A: I'm really hesitant to recommend scratch-built wheels. Tell me more about your robot so that I can have some idea of the stress these wheels are going to have to put up with. I've seen a great many combat robots fail due to poor wheels and hubs, and there is no shortage of sources for workable wheels.
Q: For an Ant would 1/8 in. Lexan work for top armor or could I go smaller?, Thanks
A: You're in the right ballpark, but I can't comment further because I do not know the details of your design. See #17.

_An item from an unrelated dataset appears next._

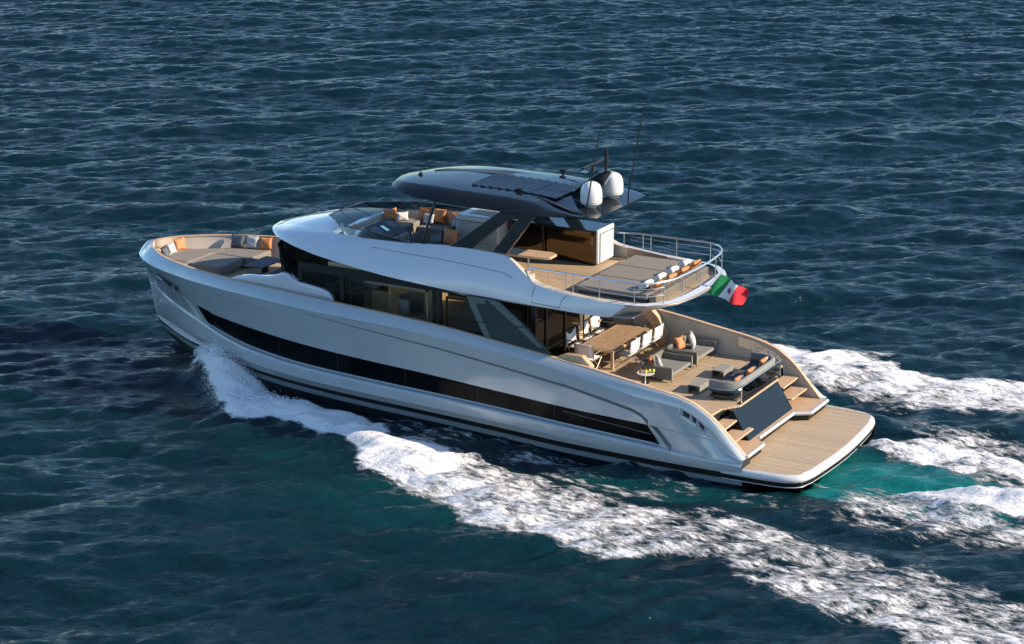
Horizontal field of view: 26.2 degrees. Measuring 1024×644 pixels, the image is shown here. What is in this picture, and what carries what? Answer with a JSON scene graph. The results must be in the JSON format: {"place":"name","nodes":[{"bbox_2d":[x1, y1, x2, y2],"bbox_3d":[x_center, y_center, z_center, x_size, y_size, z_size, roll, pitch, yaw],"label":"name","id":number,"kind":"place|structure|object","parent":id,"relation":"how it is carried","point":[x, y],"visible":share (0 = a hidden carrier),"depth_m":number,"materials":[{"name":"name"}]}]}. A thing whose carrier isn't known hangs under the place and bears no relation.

Q: I am consitering making a drum using carbite teeth from a saw blade that would be stagered along the drum or using a jointed planer blade like mowbee's only I would carbanise it. I figure that the one with the teeth would work better on wedges but the mowbee like one would work better on vertical blades, what's your take on it which one do you think would be better?
A: Mark J. here: have you stopped to wonder why nobody uses carbide impact surfaces on combat robot weapons? Tungsten carbide is extremely hard and wears very little when used to cut thru materials under constant pressure -- but it shatters on hard impact. It is not suitable for the applications you propose -- choose another material.

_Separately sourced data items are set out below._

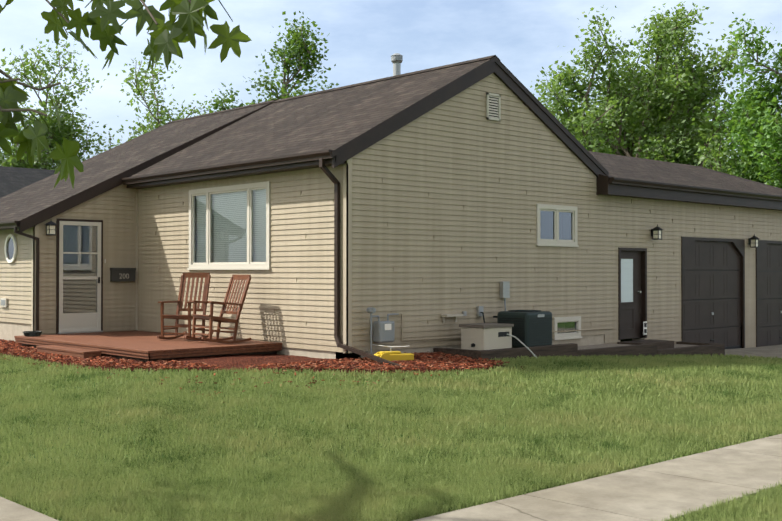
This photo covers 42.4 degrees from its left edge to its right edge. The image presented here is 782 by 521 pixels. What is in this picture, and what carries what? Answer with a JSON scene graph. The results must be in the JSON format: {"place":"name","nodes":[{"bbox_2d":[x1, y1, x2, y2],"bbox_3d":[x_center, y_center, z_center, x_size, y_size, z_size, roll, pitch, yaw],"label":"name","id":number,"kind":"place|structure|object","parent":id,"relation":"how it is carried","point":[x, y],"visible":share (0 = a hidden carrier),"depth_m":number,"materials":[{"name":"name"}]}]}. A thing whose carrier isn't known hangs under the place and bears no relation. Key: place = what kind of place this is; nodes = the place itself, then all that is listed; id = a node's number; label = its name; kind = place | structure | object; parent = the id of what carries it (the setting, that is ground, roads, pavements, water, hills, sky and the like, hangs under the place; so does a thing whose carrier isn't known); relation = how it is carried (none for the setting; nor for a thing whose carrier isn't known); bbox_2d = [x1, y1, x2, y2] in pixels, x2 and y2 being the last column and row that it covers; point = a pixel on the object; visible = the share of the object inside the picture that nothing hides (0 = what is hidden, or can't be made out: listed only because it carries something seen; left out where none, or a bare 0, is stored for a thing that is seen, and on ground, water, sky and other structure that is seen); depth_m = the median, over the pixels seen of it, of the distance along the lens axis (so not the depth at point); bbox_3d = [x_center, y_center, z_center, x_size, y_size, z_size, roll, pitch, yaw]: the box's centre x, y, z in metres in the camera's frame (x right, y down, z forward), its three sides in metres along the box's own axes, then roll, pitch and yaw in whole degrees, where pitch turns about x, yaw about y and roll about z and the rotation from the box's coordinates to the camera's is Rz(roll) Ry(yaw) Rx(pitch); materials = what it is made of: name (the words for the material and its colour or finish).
{"place":"outdoors","nodes":[
{"label":"outdoors","id":0,"kind":"place"},
{"bbox_2d":[0,497,58,520],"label":"sidewalk","id":1,"kind":"structure","parent":0,"point":[11,510],"depth_m":7.21,"materials":[{"name":"concrete"}]},
{"bbox_2d":[0,166,59,197],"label":"neighbour house","id":2,"kind":"structure","parent":0,"point":[13,179],"depth_m":35.95,"materials":[{"name":"grey"}]},
{"bbox_2d":[0,321,741,358],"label":"house foundation","id":3,"kind":"object","parent":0,"point":[9,331],"visible":0.02,"depth_m":17.61,"materials":[{"name":"grey concrete"}]},
{"bbox_2d":[0,73,781,351],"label":"house walls","id":4,"kind":"structure","parent":0,"point":[449,195],"depth_m":18.34,"materials":[{"name":"beige plastic"}]},
{"bbox_2d":[0,259,105,306],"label":"small house fittings","id":5,"kind":"object","parent":4,"relation":"attached to","point":[3,302],"visible":0.96,"depth_m":20.07,"materials":[{"name":"white plastic"}]},
{"bbox_2d":[56,219,102,333],"bbox_3d":[-6.092,0.311,19.769,0.960,2.235,0.125,1,-1,-43],"label":"storm door","id":6,"kind":"structure","parent":4,"relation":"in","point":[79,275],"depth_m":19.76,"materials":[{"name":"grey"}]},
{"bbox_2d":[31,158,351,352],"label":"house corner posts","id":7,"kind":"object","parent":4,"relation":"attached to","point":[347,253],"visible":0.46,"depth_m":15.85,"materials":[{"name":"beige plastic"}]},
{"bbox_2d":[187,181,270,269],"bbox_3d":[-2.834,-0.590,18.353,0.400,1.515,2.610,1,-1,-43],"label":"front window","id":8,"kind":"structure","parent":4,"relation":"in","point":[229,227],"depth_m":18.29,"materials":[{"name":"grey"}]},
{"bbox_2d":[0,55,781,228],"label":"house roof","id":9,"kind":"structure","parent":4,"relation":"on","point":[337,120],"depth_m":20.20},
{"bbox_2d":[391,53,402,75],"bbox_3d":[0.117,-3.826,20.226,0.278,0.640,0.278,1,-1,-43],"label":"vent pipe","id":10,"kind":"object","parent":9,"relation":"attached to","point":[396,59],"visible":0.58,"depth_m":20.16,"materials":[{"name":"silver metal"}]},
{"bbox_2d":[0,62,781,368],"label":"house trim","id":11,"kind":"structure","parent":4,"relation":"attached to","point":[620,187],"depth_m":19.09,"materials":[{"name":"brown metal"}]},
{"bbox_2d":[4,234,16,262],"bbox_3d":[-7.499,-0.235,19.907,0.045,0.570,0.540,1,-1,-43],"label":"oval window","id":12,"kind":"structure","parent":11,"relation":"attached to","point":[10,248],"depth_m":19.90,"materials":[{"name":"white paint"}]},
{"bbox_2d":[44,221,57,235],"bbox_3d":[-6.500,-0.639,19.271,0.194,0.318,0.217,1,-1,-43],"label":"wall lantern","id":13,"kind":"object","parent":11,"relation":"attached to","point":[51,228],"visible":1,"depth_m":19.22,"materials":[{"name":"black metal"}]},
{"bbox_2d":[110,268,135,281],"bbox_3d":[-5.406,0.286,20.354,0.526,0.278,0.111,1,-1,-43],"label":"mailbox","id":14,"kind":"object","parent":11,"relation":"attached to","point":[115,276],"visible":0.96,"depth_m":20.30,"materials":[{"name":"grey metal"}]},
{"bbox_2d":[366,307,398,353],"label":"gas meter pipes","id":15,"kind":"object","parent":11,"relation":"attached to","point":[381,334],"visible":0.98,"depth_m":16.00,"materials":[{"name":"grey metal"}]},
{"bbox_2d":[385,306,612,340],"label":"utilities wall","id":16,"kind":"structure","parent":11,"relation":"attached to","point":[443,316],"depth_m":17.26,"materials":[{"name":"grey metal"}]},
{"bbox_2d":[493,282,551,347],"bbox_3d":[2.282,0.987,17.859,0.840,1.220,1.044,1,-1,-43],"label":"ac condenser","id":17,"kind":"object","parent":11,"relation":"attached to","point":[531,328],"visible":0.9,"depth_m":17.50,"materials":[{"name":"grey metal"}]},
{"bbox_2d":[536,204,578,246],"bbox_3d":[3.093,-0.666,19.579,1.290,0.795,0.400,1,-1,-43],"label":"gable window","id":18,"kind":"structure","parent":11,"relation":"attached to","point":[556,225],"depth_m":19.44,"materials":[{"name":"grey plastic"}]},
{"bbox_2d":[553,316,581,339],"bbox_3d":[3.323,1.316,19.772,0.880,0.435,0.400,1,-1,-43],"label":"basement window","id":19,"kind":"structure","parent":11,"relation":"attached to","point":[566,323],"depth_m":19.66,"materials":[{"name":"grey"}]},
{"bbox_2d":[618,247,646,339],"bbox_3d":[5.053,0.690,21.231,1.030,1.910,0.162,1,-1,-43],"label":"service door","id":20,"kind":"structure","parent":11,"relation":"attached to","point":[632,290],"depth_m":21.33,"materials":[{"name":"black metal"}]},
{"bbox_2d":[651,224,662,239],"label":"wall lantern","id":21,"kind":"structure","parent":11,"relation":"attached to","point":[656,233],"depth_m":21.59,"materials":[{"name":"black metal"}]},
{"bbox_2d":[681,237,744,348],"bbox_3d":[7.498,0.866,23.519,2.850,2.770,0.120,1,-1,-43],"label":"garage door","id":22,"kind":"structure","parent":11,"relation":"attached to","point":[713,293],"depth_m":23.57,"materials":[{"name":"black metal"}]},
{"bbox_2d":[748,234,759,247],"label":"wall lantern","id":23,"kind":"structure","parent":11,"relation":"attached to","point":[753,241],"depth_m":24.54,"materials":[{"name":"black metal"}]},
{"bbox_2d":[755,240,781,346],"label":"garage door","id":24,"kind":"structure","parent":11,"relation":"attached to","point":[768,261],"depth_m":25.44,"materials":[{"name":"black metal"}]},
{"bbox_2d":[486,92,500,120],"bbox_3d":[1.844,-2.769,18.193,0.360,0.480,0.040,1,-1,-43],"label":"gable vent","id":25,"kind":"object","parent":4,"relation":"attached to","point":[493,106],"visible":0.94,"depth_m":18.19,"materials":[{"name":"beige plastic"}]},
{"bbox_2d":[0,338,781,520],"bbox_3d":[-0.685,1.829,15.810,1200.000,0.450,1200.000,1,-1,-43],"label":"lawn","id":26,"kind":"structure","parent":0,"point":[621,340],"depth_m":10.82,"materials":[{"name":"green plant"}]},
{"bbox_2d":[0,38,123,169],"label":"tree","id":27,"kind":"object","parent":26,"relation":"on","point":[68,132],"visible":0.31,"depth_m":44.22,"materials":[{"name":"green plant"}]},
{"bbox_2d":[0,0,251,187],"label":"maple tree","id":28,"kind":"object","parent":26,"relation":"on","point":[188,25],"visible":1,"depth_m":3.04,"materials":[{"name":"green plant"}]},
{"bbox_2d":[14,330,281,361],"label":"deck","id":29,"kind":"structure","parent":26,"relation":"on","point":[142,346],"depth_m":16.82,"materials":[{"name":"brown wood"}]},
{"bbox_2d":[22,331,41,336],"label":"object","id":30,"kind":"object","parent":29,"relation":"on","point":[31,333],"visible":0.96,"depth_m":18.64,"materials":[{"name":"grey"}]},
{"bbox_2d":[157,273,212,339],"bbox_3d":[-3.636,0.808,17.839,0.647,1.173,0.952,0,0,19],"label":"rocking chair","id":31,"kind":"object","parent":29,"relation":"on","point":[189,309],"visible":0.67,"depth_m":18.03,"materials":[{"name":"brown wood"}]},
{"bbox_2d":[185,275,251,342],"bbox_3d":[-2.889,0.798,17.075,0.952,1.173,0.647,6,-4,-41],"label":"rocking chair","id":32,"kind":"object","parent":29,"relation":"on","point":[211,318],"visible":1,"depth_m":17.06,"materials":[{"name":"brown wood"}]},
{"bbox_2d":[97,52,219,154],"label":"tree","id":33,"kind":"object","parent":26,"relation":"on","point":[162,112],"visible":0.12,"depth_m":45.17,"materials":[{"name":"green plant"}]},
{"bbox_2d":[0,339,504,373],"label":"mulch bed","id":34,"kind":"object","parent":26,"relation":"on","point":[228,362],"visible":0.08,"depth_m":15.35,"materials":[{"name":"brown wood"}]},
{"bbox_2d":[36,345,100,358],"bbox_3d":[-5.399,1.561,16.846,0.312,0.190,1.774,1,-1,-43],"label":"deck step","id":35,"kind":"object","parent":34,"relation":"on","point":[73,352],"visible":0.73,"depth_m":16.58,"materials":[{"name":"brown wood"}]},
{"bbox_2d":[374,345,413,360],"bbox_3d":[0.043,1.456,15.623,0.639,0.286,0.375,0,-1,-5],"label":"lawn sprinkler","id":36,"kind":"object","parent":34,"relation":"on","point":[390,355],"visible":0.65,"depth_m":15.58,"materials":[{"name":"yellow"}]},
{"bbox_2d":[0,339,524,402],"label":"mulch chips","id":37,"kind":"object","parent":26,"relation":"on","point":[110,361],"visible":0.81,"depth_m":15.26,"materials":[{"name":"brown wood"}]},
{"bbox_2d":[198,11,338,114],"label":"tree","id":38,"kind":"object","parent":26,"relation":"on","point":[298,49],"visible":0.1,"depth_m":45.24,"materials":[{"name":"green plant"}]},
{"bbox_2d":[433,341,724,360],"bbox_3d":[3.937,1.931,19.367,7.828,0.868,1.080,1,-1,-43],"label":"timber border","id":39,"kind":"object","parent":26,"relation":"on","point":[570,349],"visible":0.42,"depth_m":18.20,"materials":[{"name":"wood"}]},
{"bbox_2d":[578,343,698,349],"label":"bed gravel","id":40,"kind":"structure","parent":26,"relation":"on","point":[612,345],"depth_m":20.08,"materials":[{"name":"grey gravel"}]},
{"bbox_2d":[459,312,536,357],"bbox_3d":[1.681,1.286,17.073,0.952,0.800,1.363,1,-1,-43],"label":"hose reel box","id":41,"kind":"object","parent":40,"relation":"on","point":[483,336],"visible":0.85,"depth_m":16.82,"materials":[{"name":"beige plastic"},{"name":"brown plastic"}]},
{"bbox_2d":[617,339,673,348],"bbox_3d":[5.302,1.883,20.973,1.200,0.400,0.600,1,-1,-43],"label":"door step","id":42,"kind":"object","parent":40,"relation":"on","point":[663,344],"visible":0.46,"depth_m":20.91,"materials":[{"name":"grey concrete"}]},
{"bbox_2d":[530,1,769,179],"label":"tree","id":43,"kind":"object","parent":26,"relation":"on","point":[630,113],"visible":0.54,"depth_m":43.26,"materials":[{"name":"green plant"}]},
{"bbox_2d":[592,55,739,174],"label":"tree","id":44,"kind":"object","parent":26,"relation":"on","point":[705,130],"visible":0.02,"depth_m":60.69,"materials":[{"name":"green plant"}]},
{"bbox_2d":[705,12,781,187],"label":"tree","id":45,"kind":"object","parent":26,"relation":"on","point":[756,131],"visible":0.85,"depth_m":39.68,"materials":[{"name":"green plant"}]},
{"bbox_2d":[0,0,781,166],"label":"sky","id":46,"kind":"structure","parent":0,"point":[527,36],"materials":[{"name":"blue"}]},
{"bbox_2d":[413,434,781,520],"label":"sidewalk","id":47,"kind":"structure","parent":0,"point":[659,491],"depth_m":7.93,"materials":[{"name":"concrete"}]},
{"bbox_2d":[725,347,781,358],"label":"driveway","id":48,"kind":"structure","parent":0,"point":[762,352],"depth_m":22.76,"materials":[{"name":"concrete"}]},
{"bbox_2d":[753,344,781,348],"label":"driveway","id":49,"kind":"structure","parent":0,"point":[775,347],"depth_m":24.69,"materials":[{"name":"concrete"}]}
]}

Q: Where can I find gravedigger spikes like the ones on the Juggerbot machines?
A: Team JuggerBot fabricated their own. I suspect you'll need to do the same. It might be worth an email to Mike Morrow at Team JuggerBot -- last time I was there Mike was trying to clean out some excess stuff from his workshop and there might be some spikes lying around.
Q: What kind of linear actuator did minion use for its srimec in Battlebots 5.0?
A: You'll need to ask Christian Carlberg. I don't have current contact info for him.
Q: for my question on cardboard robots, do you know of any cardboard that can hold up a 1lb sledge? I'm gonna make a bot based of the judge. Also has the team that made the judge made any other bots?
A: Sorry, we aren't experts on cardboard. There were two versions of 'The Judge', but no other combat robots the Mechanicus team.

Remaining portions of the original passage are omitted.